Maintaining momentum

Austria is currently ranked seventh in the European Commission's Innovation Union Scoreboard and the government wants to boost the country's rating from ‘Innovation Follower’ to ‘Innovation Leader’ — a label which currently only applies to Denmark, Finland, Germany and Sweden. The science and research minister Karlheinz Töchterle said this year that the government's aim is to increase investment in basic research to the expenditure level of leading research nations by 2020.

The Austrian Academy of Sciences' Centre for Molecular Medicine (CeMM) in central Vienna maintains a balance of Austrian and international scientists. Credit: CEMM

The academic sector's contribution to basic research will be limited by constraints in the funding environment. “Spending on universities hasn't increased since 2008,” says Christoph Kratky, president of the Austrian Science Fund. Engl of University of Vienna says that the flat funding, combined with burgeoning student enrolments, will reduce the university's budget by 10% in real terms. The Austrian government hopes that further expansion in basic research will be driven by even greater investment from business. There are early indicators that this could be the case: business R&D funding is predicted to grow by 6% in 2011. To encourage business investment, service companies such as Techkonnex offer economic analysis of new technologies and can act as a conduit between scientists in the private and public sector.

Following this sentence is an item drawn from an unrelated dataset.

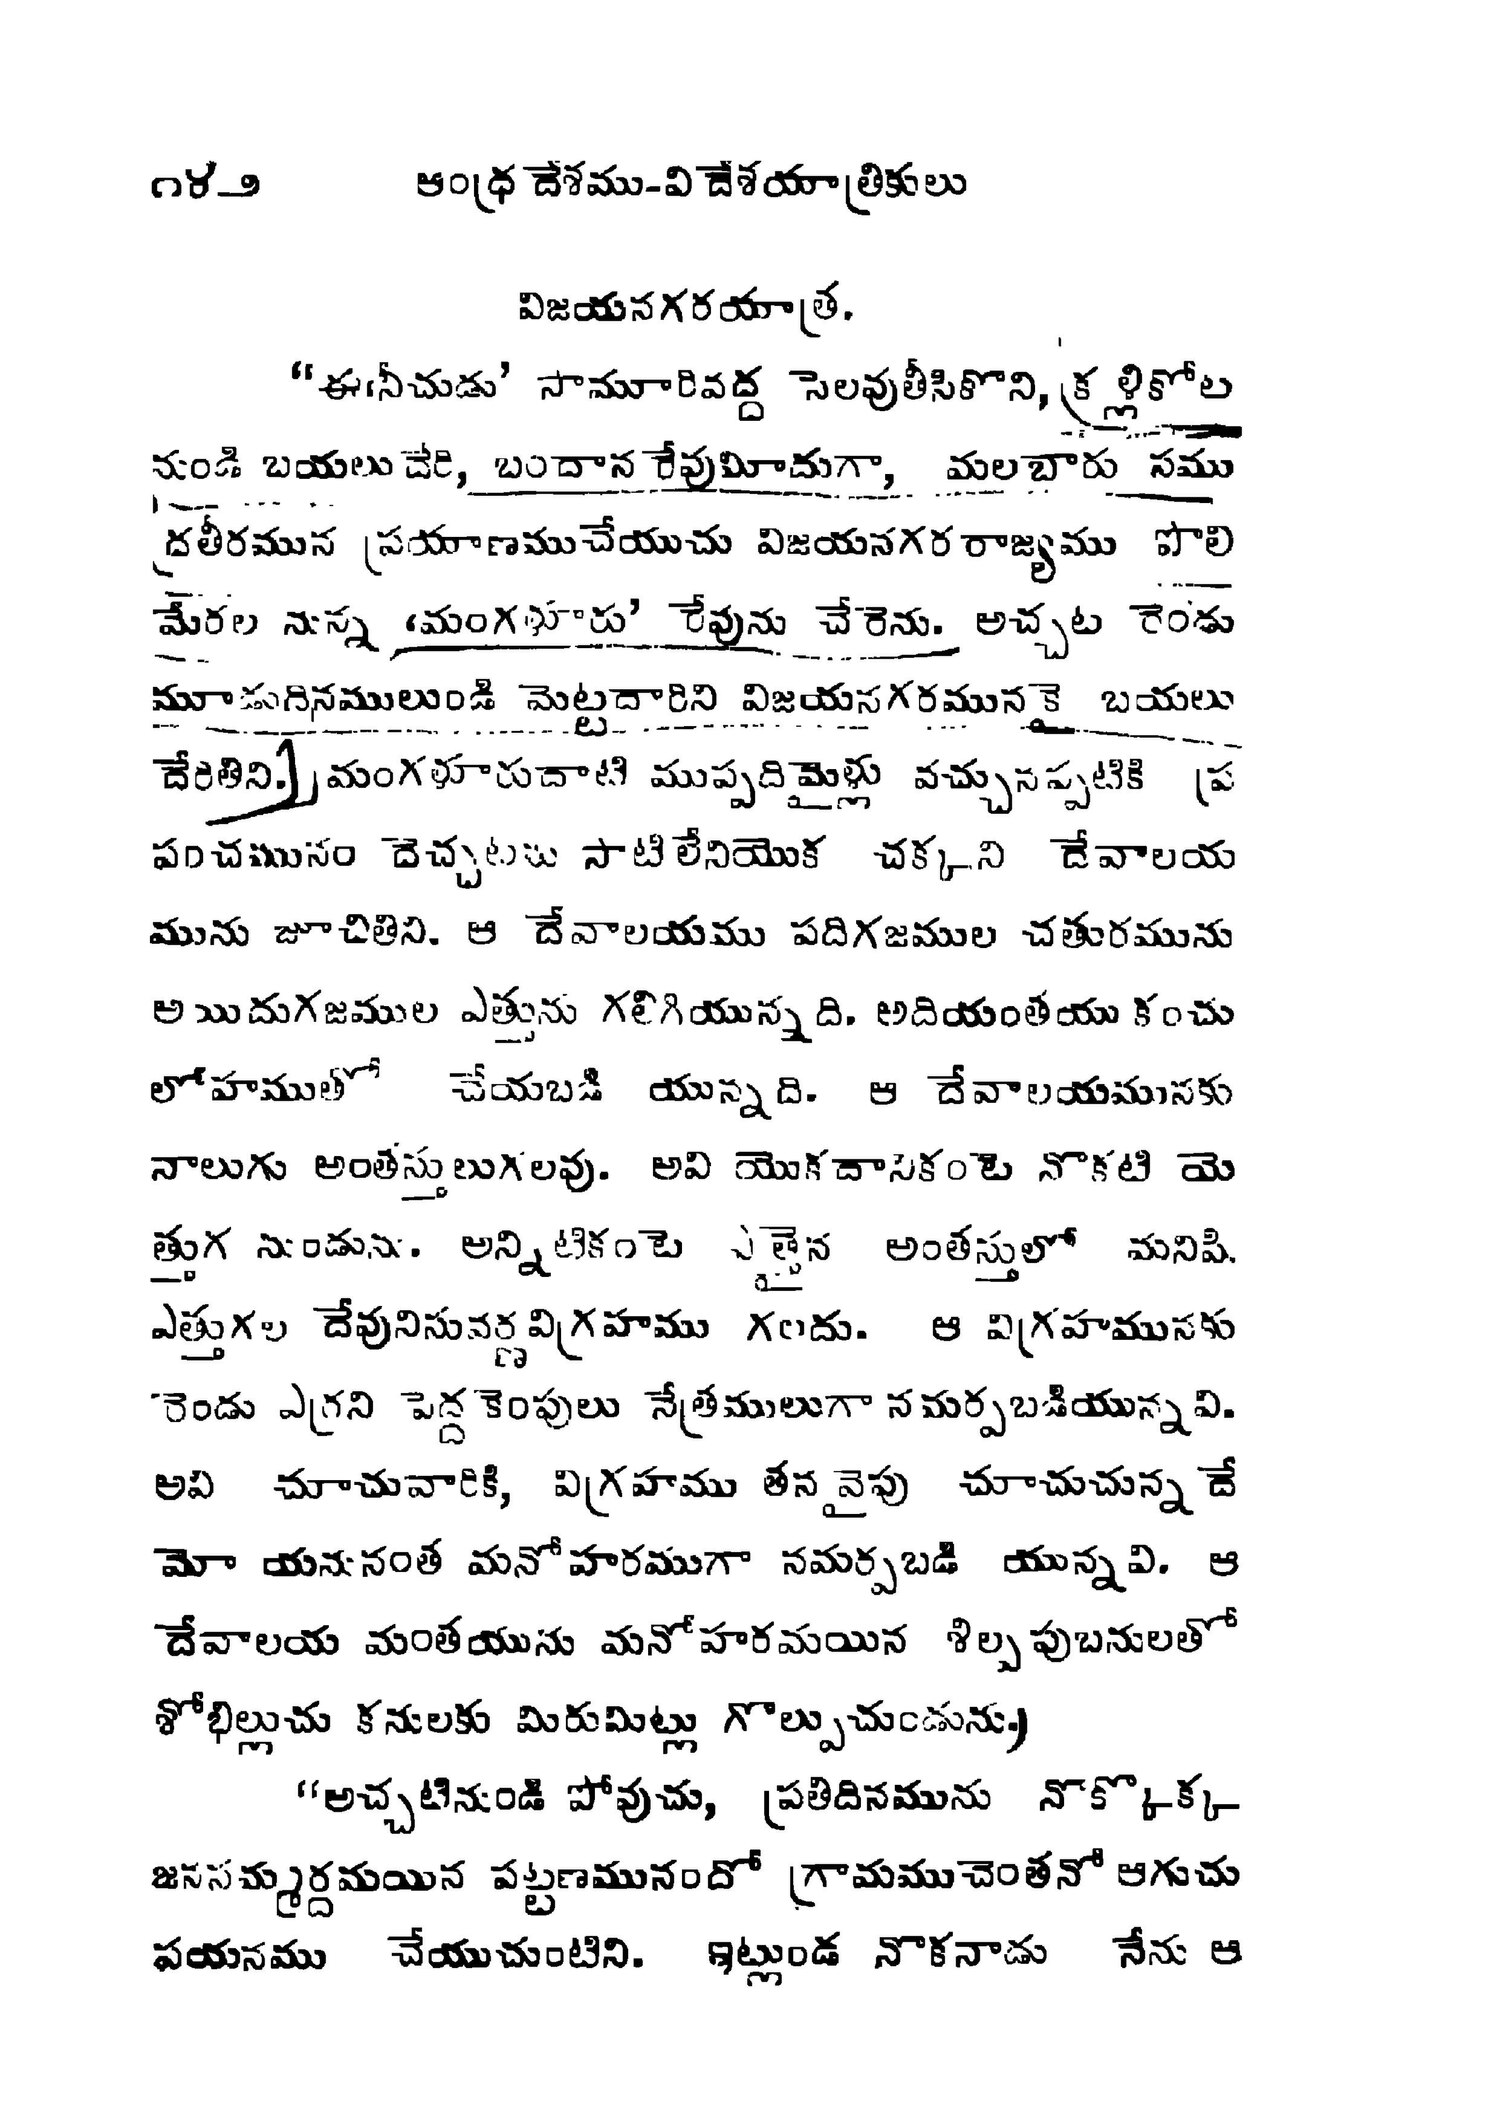"ఈనీచుడు" సామూరివద్ద సెలవుతీసికొని, కళ్లికోట నుండి బయలుదేరి, బందాన రేవుమీదుగా, మలబారు సముద్రతీరమున ప్రయాణము చేయుచు విజయనగర రాజ్యము పొలిమేరల నున్న 'మంగళూరు' రేవును చేరెను. అచ్చట రెండు మూడు దినములుండి మెట్టదారిని విజయనగరమునకై బయలుదేరితిని. మంగళూరు దాటి ముప్పదిమైళ్లు వచ్చునప్పటికి ప్రపంచమునం దెచ్చటను సాటిలేని యొక చక్కని దేవాలయమును జూచితిని. ఆ దేవాలయము పదిగజముల చతురమును అయిదుగజముల ఎత్తును గలిగియున్నది. అదియంతయు కంచులోహముతో చేయబడి యున్నది. ఆ దేవాలయమునకు నాలుగు అంతస్తులుగలవు. అవి యొకదానికంటె నొకటి యెత్తుగ నుండును. అన్నిటికంటె ఎత్తైన అంతస్తులో మనిషి ఎత్తుగల దేవునిసువర్ణవిగ్రహము గలదు. ఆ విగ్రహమునకు రెండు ఎర్రని పెద్ద కెంపులు నేత్రములుగా నమర్పబడి యున్నవి. అవి చూచువారికి, విగ్రహము తనవైపు చూచు చున్నదేమో యనునంత మనోహరముగా నమర్పబడి యున్నవి. ఆ దేవాలయ మంతయును మనోహరమయిన శిల్పపుబనులతో శోభిల్లుచు కనులకు మిరుమిట్లు గొల్పుచుండును.

"అచ్చటి నుండి పోవుచు, ప్రతిదినమును నొక్కొక్క జన సమ్మర్దమయిన పట్టణమునందో గ్రామము చెంతనో ఆగుచు పయనము చేయు చుంటిని. ఇట్లుండ నొకనాడు నేను ఆ

Spending may increase further when companies who benefited from start-up funding in the 2000s start bringing their products to market. Lexogen, a biotechnology firm based at Campus Vienna Biocenter, is launching its transcriptomics platform, SQUARE (Selective Quantitative Amplification of RNA), at the end of 2011. The first pharmaceutical candidate of Zytoprotec, a spin-off company from the Medical University of Vienna, entered clinical trials in February 2011. “Our product is global, but Austria was the right place for us to build it,” says Lexogen chief executive Alexander Seitz. “If you have a good project, you will find funding to start it in Austria.”

Attracting investment

The Austrian government is also planning to increase the proportion of R&D spending that comes from international funding sources, which currently stands at 16% of the total expenditure. Rudolf Grimm, co-director of the Austrian Academy of Sciences' Institute for Quantum Optics and Quantum Information, which has bases in Innsbruck and Vienna, says that Austria's domestic funding agencies all require international referees, which ensures research is of high quality and well placed to compete for external funding. “We have a unique concentration of truly world-class physicists here in Austria,” he says.

In February 2011, Austrian research institutes had 49 European Research Council (ERC) grants (see table), and between 2007 and 2010 they received more ERC grants per population head than those in Germany and France. Innovative strategies are being introduced to keep the funding flowing in. A third of the government's funding pledge for IST Austria between 2010 and 2016 (€95 million) comes with the proviso that it is matched by third-party funds generated by institute scientists. At the University of Vienna, an internal funding scheme is based around cross-faculty ‘research platforms’ that combine disciplines to improve their funding prospects. A platform for cognitive science, for example, includes academics from computer science, psychology and even art history. “We aim to fund a smaller number of very high-quality projects well, to give them a real chance to compete at an international level,” says Engl.

From this sound foundation, the outlook for Austrian research is bright. Scientists say they hope the close dialogue they have had with the government during these fruitful decades will continue. “Austria is small, so there are fewer layers of bureaucracy, and many scientists have direct connections with politicians,” says Köhler from the MFPL. “If you can bump into the science minister in one of Vienna's famous coffee houses and talk about your science, it really helps.”